New Hall Mill

New Hall Mill, a Grade 2 listed building, is one of only two water mills still surviving in the Birmingham area. The Mill and its meadow field are privately owned and managed by the New Hall Water Mill Preservation Trust, Registered Charity No. 502226.

Although surrounded by but not part of the New Hall Valley Country Park, the Mill is only open to the general public on specific Open Days, or by prior arrangement.

Now restored to a working condition, New Hall Mill is located off Wylde Green Road, Walmley, Sutton Coldfield, in the West Midlands area of central England. It is a significant local example of our industrial heritage and has been described as 'Sutton's little gem'.

The present structure dates from the 18th century, although some parts are much older. In the past the mill had two internal waterwheels but now, after rebuilding, the power required to drive the present two pairs of millstones is derived from a single external overshot waterwheel, with most other items of the various milling machinery being powered by a Ruston Hornby diesel engine. A Diagram of the Mill shows the major items of the milling machinery that are in use during Open Days.

The Friends of New Hall Mill maintain the Mill in a working condition and operate it during the regular Open Days.
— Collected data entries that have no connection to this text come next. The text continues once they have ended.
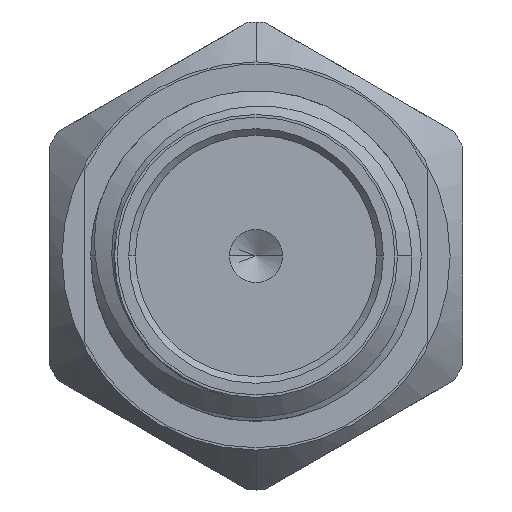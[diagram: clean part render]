
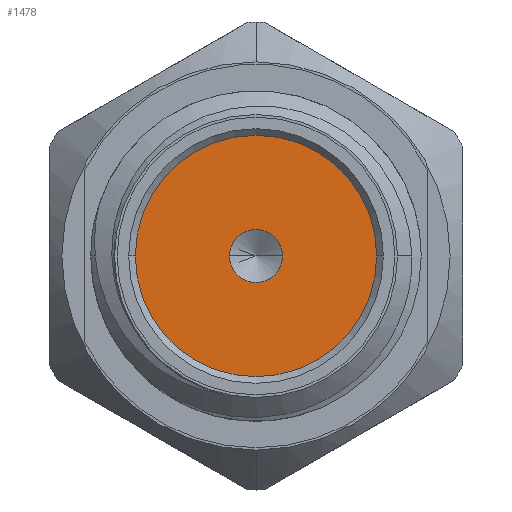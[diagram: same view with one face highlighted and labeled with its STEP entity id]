
A CAD part, left-side view. The second image highlights one B-rep face of the part: STEP entity #1478.
In plain terms, the highlighted planar face has unit normal (-1, 0, 0).
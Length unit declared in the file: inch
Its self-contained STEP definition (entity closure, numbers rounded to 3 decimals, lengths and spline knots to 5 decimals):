
#115 = CIRCLE ( 'NONE', #4862, 0.0913 ) ;
#221 = DIRECTION ( 'NONE',  ( 1., 0., 0. ) ) ;
#272 = EDGE_LOOP ( 'NONE', ( #4111, #2780 ) ) ;
#283 = CARTESIAN_POINT ( 'NONE',  ( 0.08778, 0., 0. ) ) ;
#500 = CARTESIAN_POINT ( 'NONE',  ( 0.08778, 0.0913, 0. ) ) ;
#548 = DIRECTION ( 'NONE',  ( -1., 0., 0. ) ) ;
#572 = ORIENTED_EDGE ( 'NONE', *, *, #5437, .F. ) ;
#575 = DIRECTION ( 'NONE',  ( 0., 1., 0. ) ) ;
#744 = CARTESIAN_POINT ( 'NONE',  ( 0.08778, 0., -0.10227 ) ) ;
#773 = CARTESIAN_POINT ( 'NONE',  ( 0.08778, -0.02, 0. ) ) ;
#920 = AXIS2_PLACEMENT_3D ( 'NONE', #744, #221, #3659 ) ;
#1073 = AXIS2_PLACEMENT_3D ( 'NONE', #5693, #3586, #575 ) ;
#1259 = FACE_OUTER_BOUND ( 'NONE', #5391, .T. ) ;
#1478 = ADVANCED_FACE ( 'NONE', ( #1259, #5768 ), #2726, .F. ) ;
#1503 = DIRECTION ( 'NONE',  ( 0., 1., 0. ) ) ;
#1766 = EDGE_CURVE ( 'NONE', #3210, #4228, #3927, .T. ) ;
#2333 = EDGE_CURVE ( 'NONE', #4228, #3210, #4444, .T. ) ;
#2446 = EDGE_CURVE ( 'NONE', #3465, #2747, #115, .T. ) ;
#2726 = PLANE ( 'NONE',  #920 ) ;
#2747 = VERTEX_POINT ( 'NONE', #500 ) ;
#2780 = ORIENTED_EDGE ( 'NONE', *, *, #2333, .F. ) ;
#3210 = VERTEX_POINT ( 'NONE', #4003 ) ;
#3465 = VERTEX_POINT ( 'NONE', #5811 ) ;
#3586 = DIRECTION ( 'NONE',  ( -1., 0., 0. ) ) ;
#3659 = DIRECTION ( 'NONE',  ( 0., -1., 0. ) ) ;
#3718 = DIRECTION ( 'NONE',  ( 0., -1., 0. ) ) ;
#3927 = CIRCLE ( 'NONE', #1073, 0.02 ) ;
#4003 = CARTESIAN_POINT ( 'NONE',  ( 0.08778, 0.02, 0. ) ) ;
#4111 = ORIENTED_EDGE ( 'NONE', *, *, #1766, .F. ) ;
#4151 = CARTESIAN_POINT ( 'NONE',  ( 0.08778, 0., 0. ) ) ;
#4228 = VERTEX_POINT ( 'NONE', #773 ) ;
#4444 = CIRCLE ( 'NONE', #4657, 0.02 ) ;
#4518 = CARTESIAN_POINT ( 'NONE',  ( 0.08778, 0., 0. ) ) ;
#4657 = AXIS2_PLACEMENT_3D ( 'NONE', #4518, #548, #1503 ) ;
#4862 = AXIS2_PLACEMENT_3D ( 'NONE', #283, #6253, #6189 ) ;
#5080 = CIRCLE ( 'NONE', #5287, 0.0913 ) ;
#5208 = DIRECTION ( 'NONE',  ( 1., 0., 0. ) ) ;
#5287 = AXIS2_PLACEMENT_3D ( 'NONE', #4151, #5208, #3718 ) ;
#5390 = ORIENTED_EDGE ( 'NONE', *, *, #2446, .F. ) ;
#5391 = EDGE_LOOP ( 'NONE', ( #5390, #572 ) ) ;
#5437 = EDGE_CURVE ( 'NONE', #2747, #3465, #5080, .T. ) ;
#5693 = CARTESIAN_POINT ( 'NONE',  ( 0.08778, 0., 0. ) ) ;
#5768 = FACE_BOUND ( 'NONE', #272, .T. ) ;
#5811 = CARTESIAN_POINT ( 'NONE',  ( 0.08778, -0.0913, 0. ) ) ;
#6189 = DIRECTION ( 'NONE',  ( 0., -1., 0. ) ) ;
#6253 = DIRECTION ( 'NONE',  ( 1., 0., 0. ) ) ;

Visitors are then able to explore the mill at their own pace to watch the wheat being milled into flour using water power and mill stones in the traditional manner. They can also explore the Cartshed and it's contents, visit 'Auntie Wainwrights' to hunt for a bargain, take a walk around the Miller's Garden, the Mill Meadow with the Wild Flowers, Jubilee Hedge and the Tree Trail, or the small Woodland Walk. Afterwards a visit to the Tea Room can offer a selection of cakes, snacks, drinks and ice-creams. Seating is available outside at picnic tables or inside in poorer weather. Toilets, including a 'disabled' one, are located in the same building.